Ion- exchange chromatography uses electrostatic interactions between charged protein groups, and solid support material (matrix) for the separation of biomaterials. The matrix has an ion load opposite to that of the protein to be separated, and the affinity of the protein to the column is achieved through ion exchange complexes. Proteins are separated from the column either by changing pH, concentration of ion salts or ionic strength of the buffer solution. Positively charged ion-exchange matrices are called anion-exchange matrices because they adsorb negatively charged proteins. Whereas, matrices bound with negatively charged groups are known as cation-exchange matrices since they adsorb positively charged proteins.

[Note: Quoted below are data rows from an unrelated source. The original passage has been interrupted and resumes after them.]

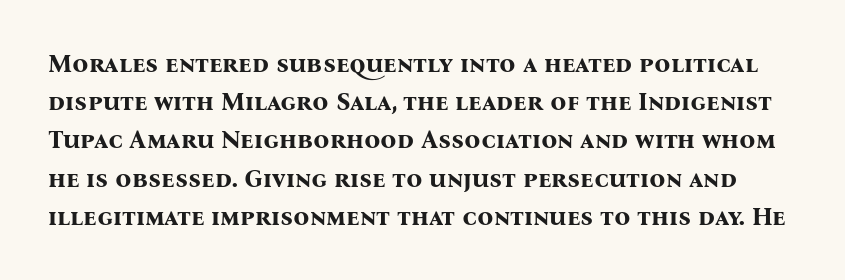
Check the space under the baseline: it is left empty. Students, note that the glyphs here touch the page at normal intervals. This sample uses an upright cut, with every glyph sitting square on the baseline. Baseline-to-baseline distance is the conventional proportion of letter height. What weight is shown? A full bold with thick strokes.
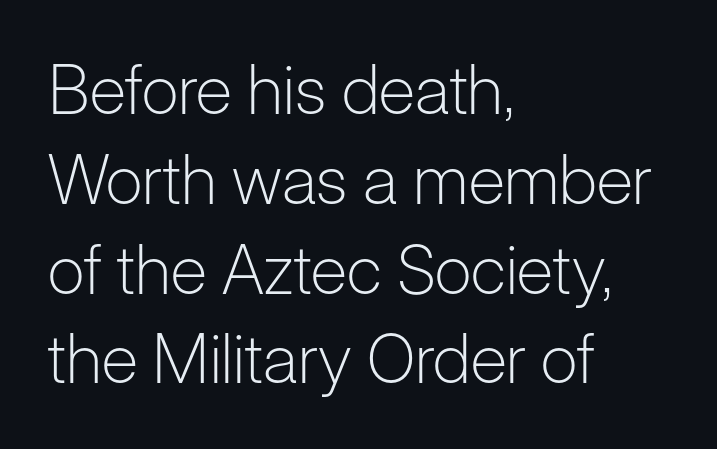
Q: Is the text bold? A: No.
Q: Is the text italic (slanted)? A: No, it is upright.
Q: Is the typeface a serif or a sans-serif typeface? A: Sans-serif.
Q: Is the text underlined? A: No.
Q: How is the paragraph aligned? A: Left-aligned.
Q: Is the spacing between letters normal or unusually wide? A: Normal.
Q: Is the spacing between lines tight, normal or loose? A: Normal.
Q: Width (condensed, normal, or wide)? A: Normal.
Q: Stroke contrast? A: Low.
Q: x-height? A: Medium.
Q: Monospaced? A: No.
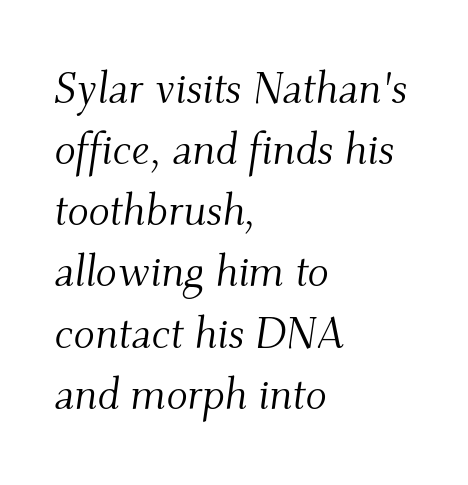
The lines are quadded left. Each letter keeps its own natural width here, so spacing adapts to shape. Any mark beneath the type? The region is blank. You can tell from the footed stems that serif type was used. A typesetter would mark this as italic. The space between consecutive lines is moderate.

Affinity chromatography is the best separation technique for the purification of enzymes, hormones, antibodies, nucleic acids, and specific proteins. It consists of a ligand which can make a complex with specific protein such as a dextran, polyacrylamide, or cellulose etc. that binds the filling material of the column. The specific protein which makes a complex with the ligand is attached to the solid support (matrix), and retained in the column, while free proteins can simply leave the column. The process ends when the bound protein leaves the column by means of changing its ionic strength through alteration of pH or addition of a salt solution.
Continuous chromatography reduces costs and increases overall facility throughput using inherent unit operation efficiency rather than dramatic process change. Unlike batch chromatographic processing in which only 60–70% of the total binding capacity is used, with simulated moving bed (SMB) technology, a series of multiple, much smaller columns work together to improve process efficiency and make use of chromatographic resins more effectively.

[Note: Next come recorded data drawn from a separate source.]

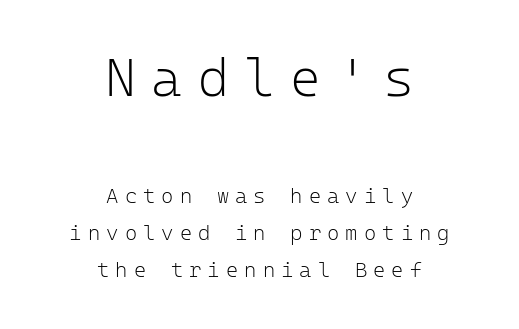
Q: Is the text bold? A: No.
Q: Is the text italic (slanted)? A: No, it is upright.
Q: Is the typeface a serif or a sans-serif typeface? A: Sans-serif.
Q: Is the text underlined? A: No.
Q: How is the paragraph aligned? A: Centered.
Q: Is the spacing between letters normal or unusually wide? A: Unusually wide.
Q: Which block of text is set in a larger size, the first (top) or the second (bottom)? A: The first (top) one.
Q: Width (condensed, normal, or wide)? A: Normal.
Q: Stroke contrast? A: Low.
Q: x-height? A: Medium.
Q: Monospaced? A: Yes.
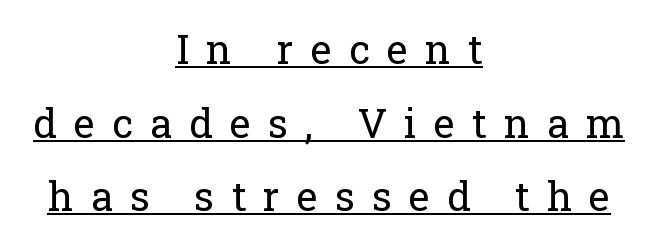
When letters stand straight like this, we call the style roman or upright. In CSS terms this would be text-align: center. Caption: expanded tracking, letters set apart. Caption: face not bold, strokes unweighted.
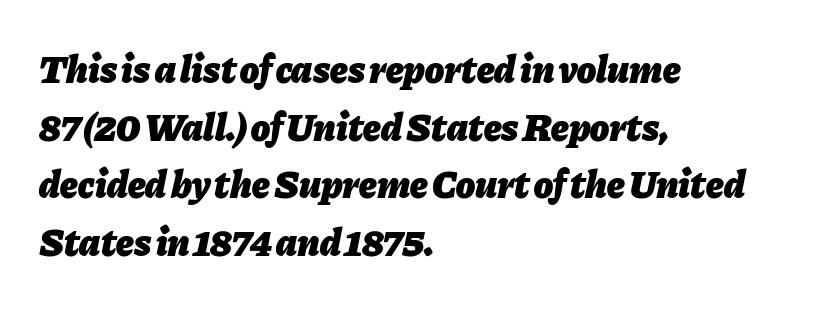
Decoration check: the copy has no underline. A typesetter would call this leading conventional body-copy spacing. Italic? Definitely — the glyphs are oblique. On the weight axis this lands at bold, roughly 700. Here the designer chose a conventional face with non-uniform glyph widths. Tracking value appears to be zero — textbook default spacing.
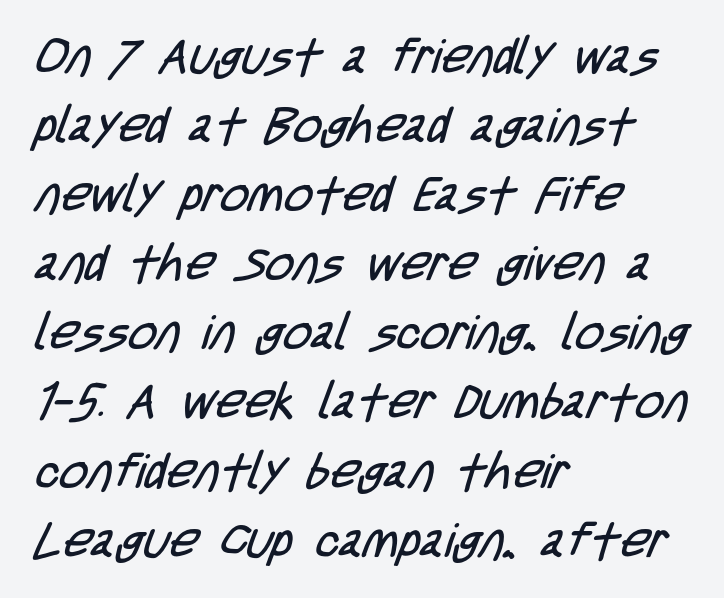
The image shows 49 px regular-weight, condensed sans-serif type; set left-aligned, normal line spacing (1.41x), normal letter spacing, not underlined; low stroke contrast and a large x-height.
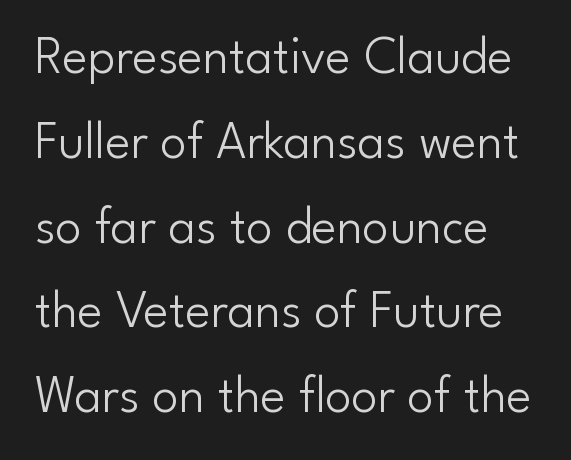
{"serif": "no", "italic": "no", "bold": "no", "weight": "light", "width": "normal", "stroke_contrast": "low", "x_height": "small", "monospaced": "no", "underline": "no", "line_spacing": "normal", "line_spacing_ratio": 1.6, "letter_spacing": "normal", "letter_spacing_em": 0.0, "glyph_px": 53}

High Pressure Liquid Chromatography (HPLC) technique makes it possible to perform structural, and functional analysis, and purification of many molecules within a short time. This technique yields perfect results in the separation, and identification of amino acids, carbohydrates, lipids, nucleic acids, proteins, steroids, and other biologically active molecules. In HPLC, mobile phase passes through columns under 10–400 atmospheric pressure and with a high (0.1–5 cm/sec) flow rate. HPLC is the most preferred method for the separation, purification and quantitative analysis of small molecules. During the HPLC process, high pressure is applied on the fast flowing solvent which increases the separation power, which ensures that the HPLC analysis is completed within just a few minutes. The essential components of a HPLC device are solvent depot, high- pressure pump, commercially prepared column, detector, and recorder. Duration of separation is controlled with the aid of a computerized system, and material is accrued.
Ever since continuous chromatography was made possible for clinical manufacturing, more efficient facilities with higher flexibility that support biopharmaceutical and drug manufacturing have come up. Continuous technologies that are designed as single-use systems help to greatly facilitate process intensification, delivering further efficiencies with reduced set-up times and elimination of the need for cleaning and cleaning validation.
The industry has also developed combat counterfeiting techniques to prevent health risks due to improper manufacturing of drug products and to prevent patient populations from consuming fake medicines. There are guidelines present to control the quality of raw materials used by API manufacturing facilities to ensure product quality and clearance from inspection policymakers, periodic reviews and quality performance indicators.